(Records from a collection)
++++

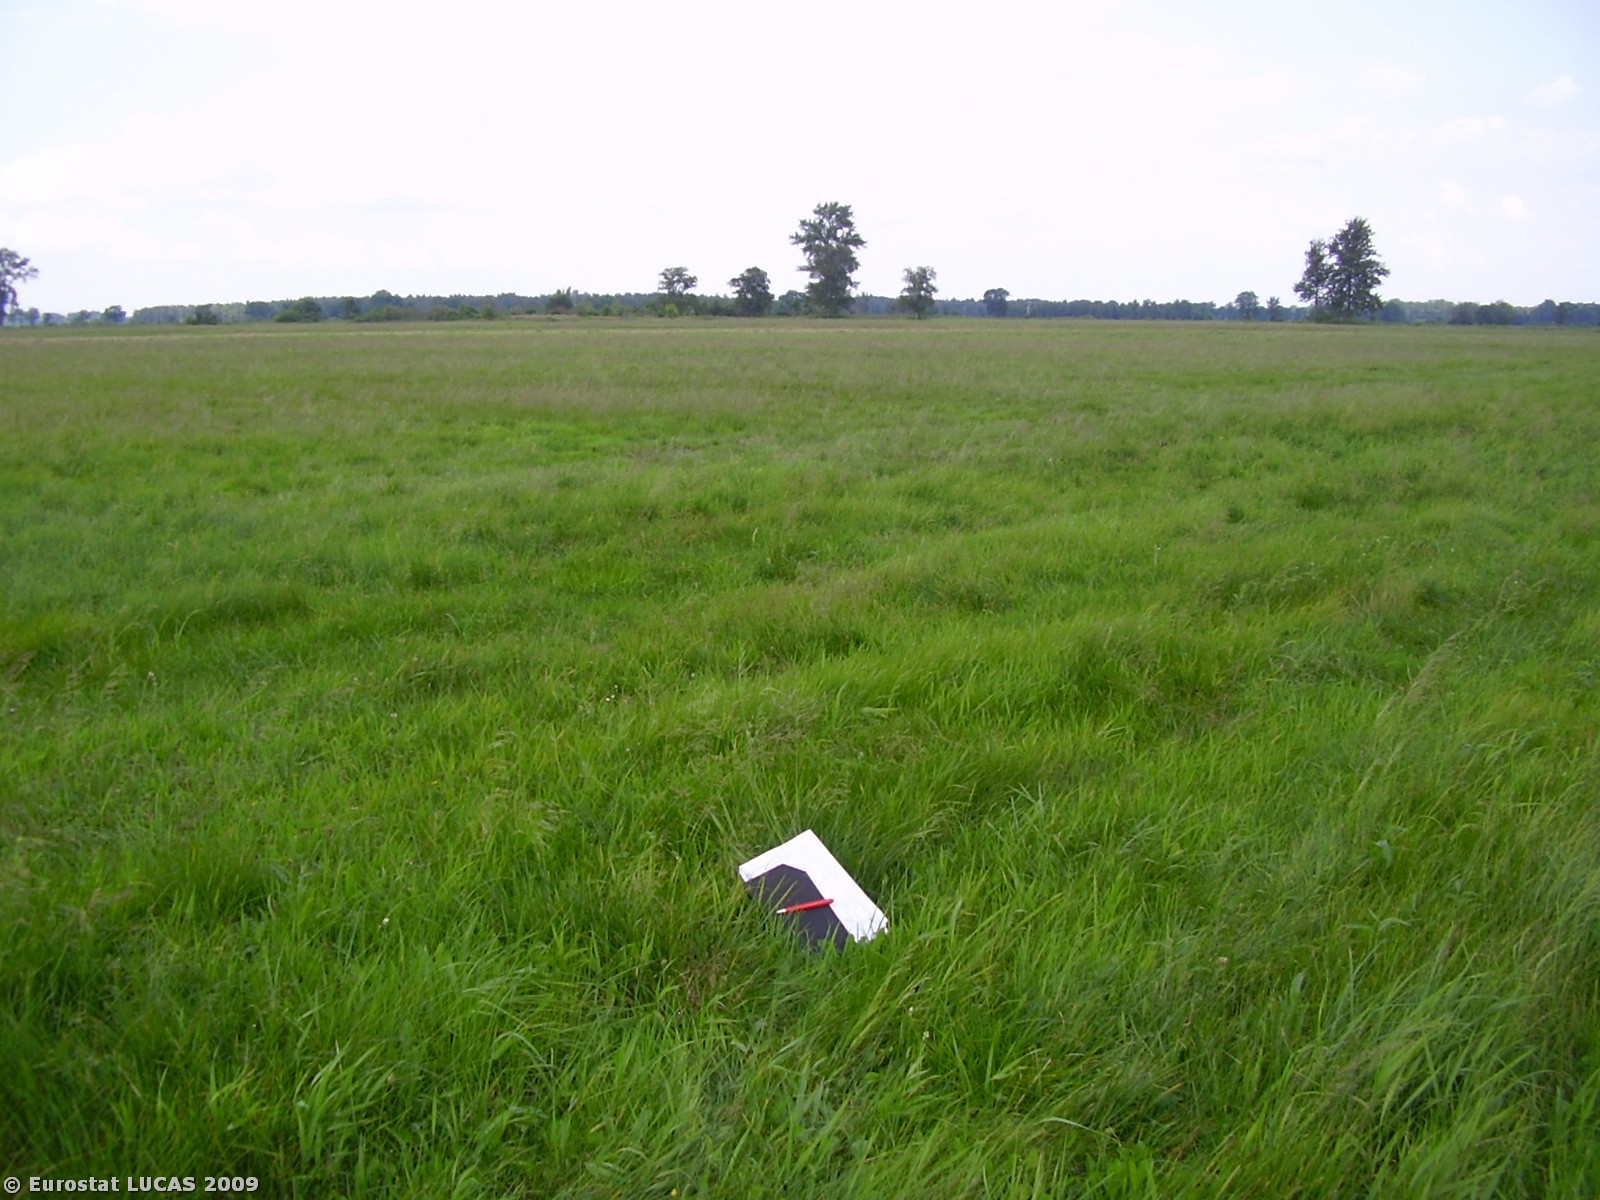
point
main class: Grassland
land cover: Grassland without tree/shrub cover
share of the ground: > 75 %
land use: Agriculture (excluding fallow land and kitchen gardens)
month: July
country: PL
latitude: 52.0304
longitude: 16.2889
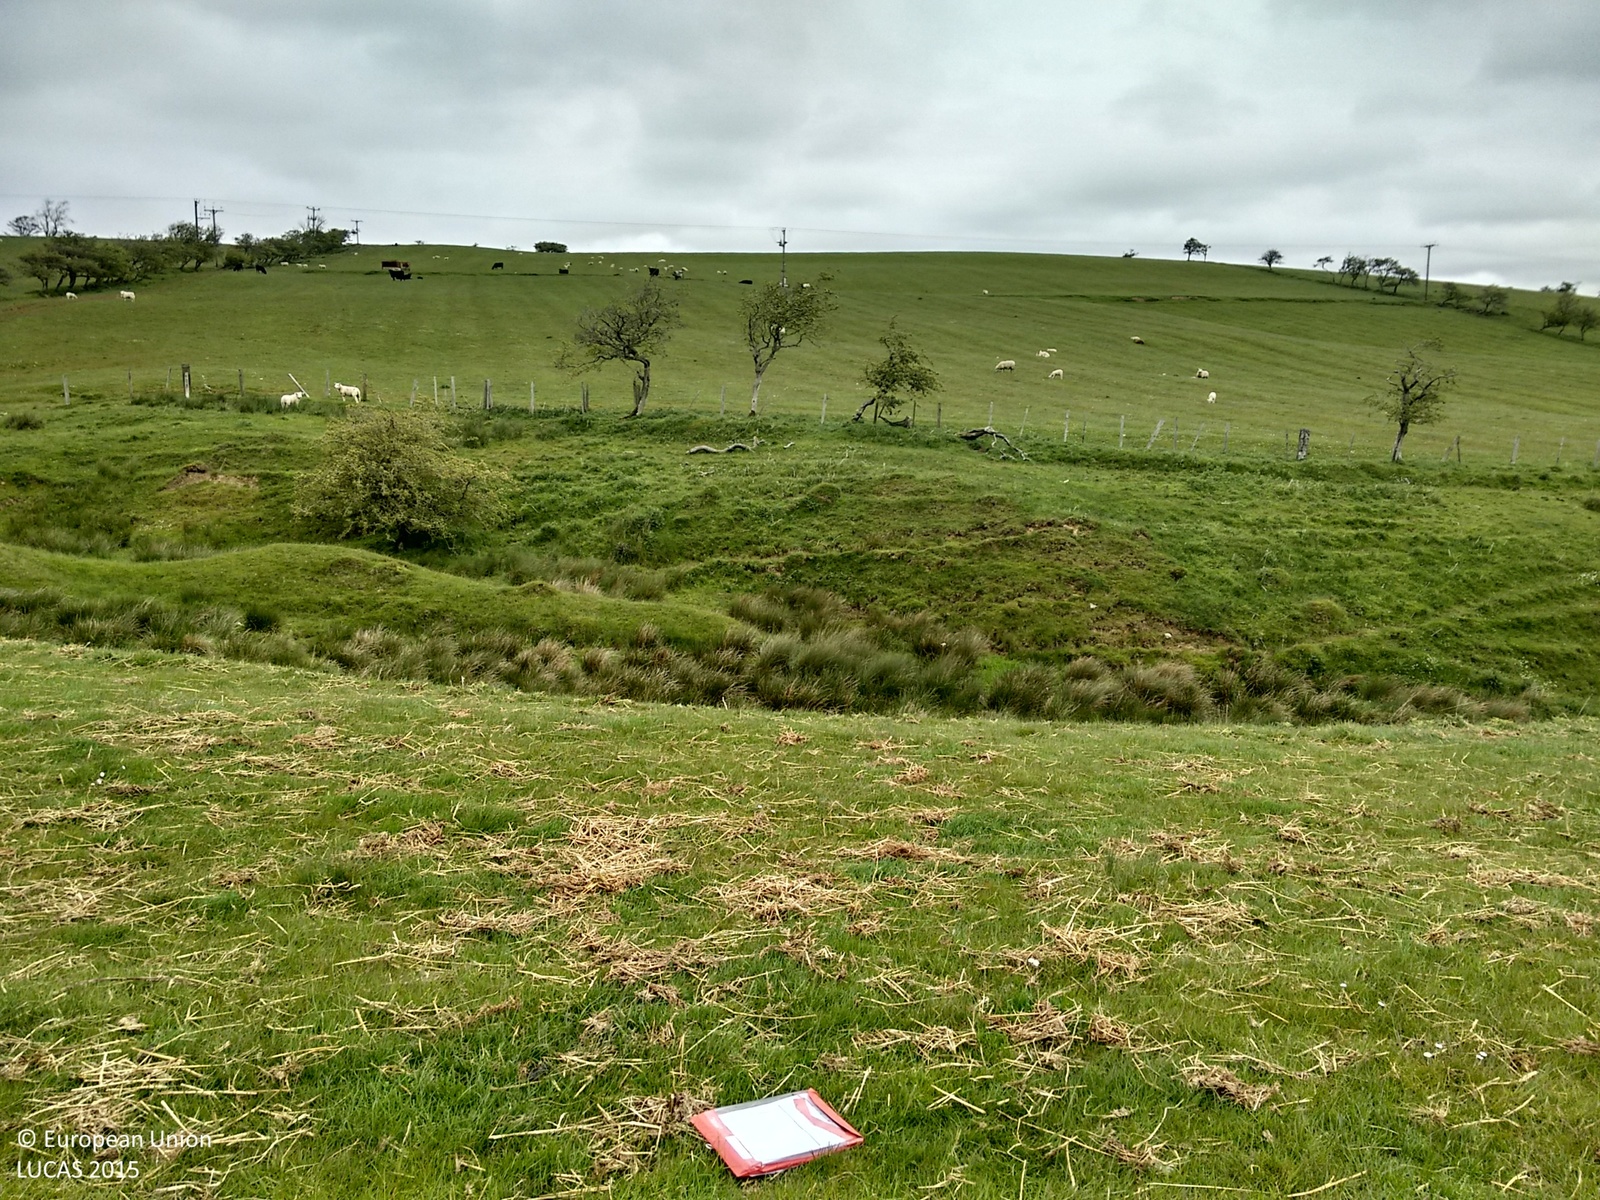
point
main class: Grassland
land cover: Grassland without tree/shrub cover
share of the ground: > 75 %
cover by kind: herbaceous plants 100 %
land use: Agriculture (excluding fallow land and kitchen gardens)
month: June
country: GB
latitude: 55.0871
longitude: -2.2630
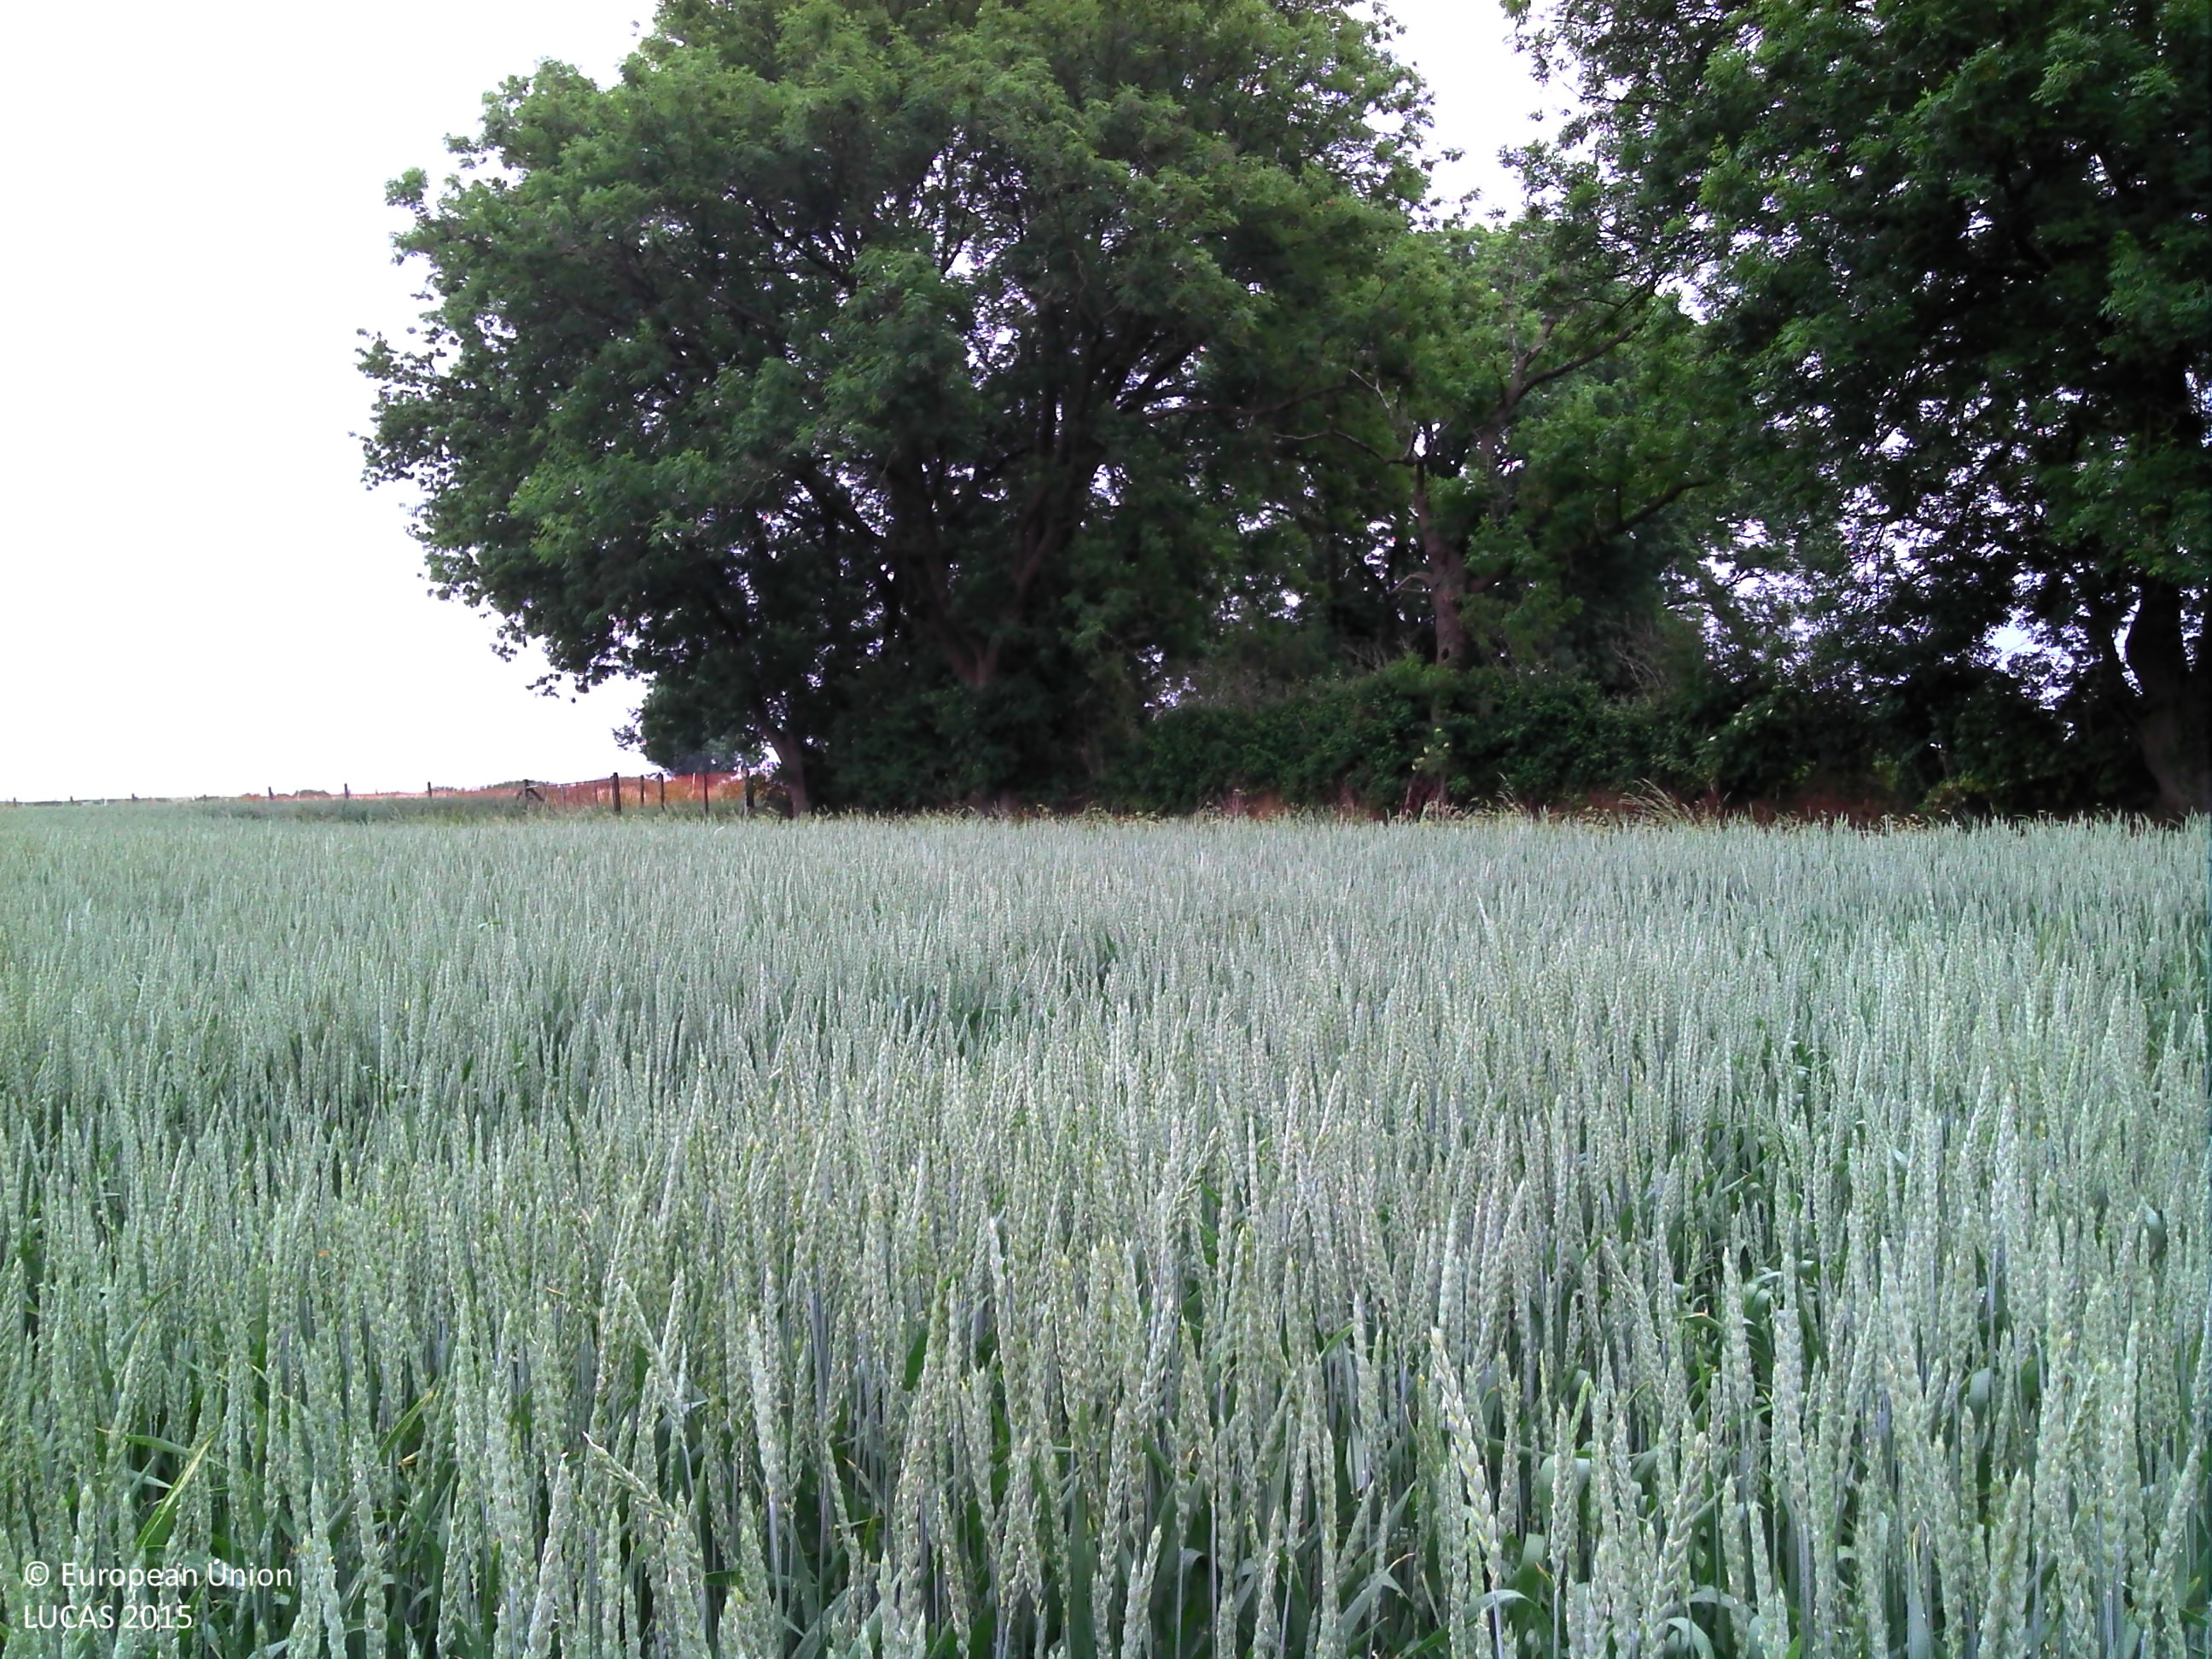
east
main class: Cropland
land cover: Other cereals
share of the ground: > 75 %
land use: Agriculture (excluding fallow land and kitchen gardens)
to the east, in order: Other cereals; Grassland without tree/shrub cover; Broadleaved woodland; Fences; Grassland without tree/shrub cover; Fences; Managed hedges; Grassland without tree/shrub cover; Fences; Grassland without tree/shrub cover; Fences; Grassland without tree/shrub cover; Fences; Grass margins; Paved roads, cycling and walking lanes; Grass margins; Managed hedges; Fences; Grassland with sparse tree/shrub cover; Grassland without tree/shrub cover; Fences; Grass margins; Common wheat
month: June
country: BE
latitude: 50.7070
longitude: 5.4809

++++

- **WORK REQUEST**: Skip the pictures and reproduce all remaining entries exactly.

- **ANSWER**:
point
main class: Grassland
land cover: Grassland without tree/shrub cover
share of the ground: > 75 %
land use: Agriculture (excluding fallow land and kitchen gardens)
month: July
country: PL
latitude: 52.0304
longitude: 16.2889
point
main class: Grassland
land cover: Grassland without tree/shrub cover
share of the ground: > 75 %
cover by kind: herbaceous plants 100 %
land use: Agriculture (excluding fallow land and kitchen gardens)
month: June
country: GB
latitude: 55.0871
longitude: -2.2630
east
main class: Cropland
land cover: Other cereals
share of the ground: > 75 %
land use: Agriculture (excluding fallow land and kitchen gardens)
to the east, in order: Other cereals; Grassland without tree/shrub cover; Broadleaved woodland; Fences; Grassland without tree/shrub cover; Fences; Managed hedges; Grassland without tree/shrub cover; Fences; Grassland without tree/shrub cover; Fences; Grassland without tree/shrub cover; Fences; Grass margins; Paved roads, cycling and walking lanes; Grass margins; Managed hedges; Fences; Grassland with sparse tree/shrub cover; Grassland without tree/shrub cover; Fences; Grass margins; Common wheat
month: June
country: BE
latitude: 50.7070
longitude: 5.4809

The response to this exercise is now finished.